[Records from a collection]
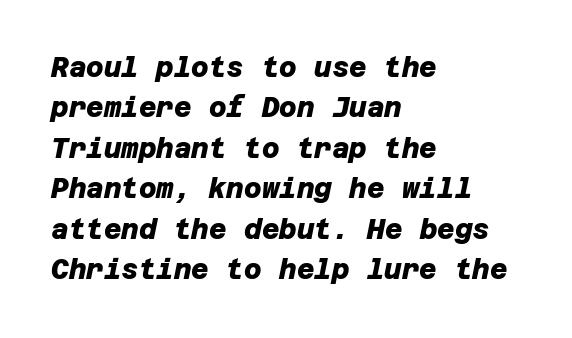
Q: Is the text bold? A: Yes.
Q: Is the text underlined? A: No.
Q: How is the paragraph aligned? A: Left-aligned.
Q: Is the spacing between letters normal or unusually wide? A: Normal.
Q: Is the spacing between lines tight, normal or loose? A: Normal.

● What to produce
Show the lines in the entries above that include the string "Normal".

● Task answer
Q: Is the spacing between letters normal or unusually wide? A: Normal.
Q: Is the spacing between lines tight, normal or loose? A: Normal.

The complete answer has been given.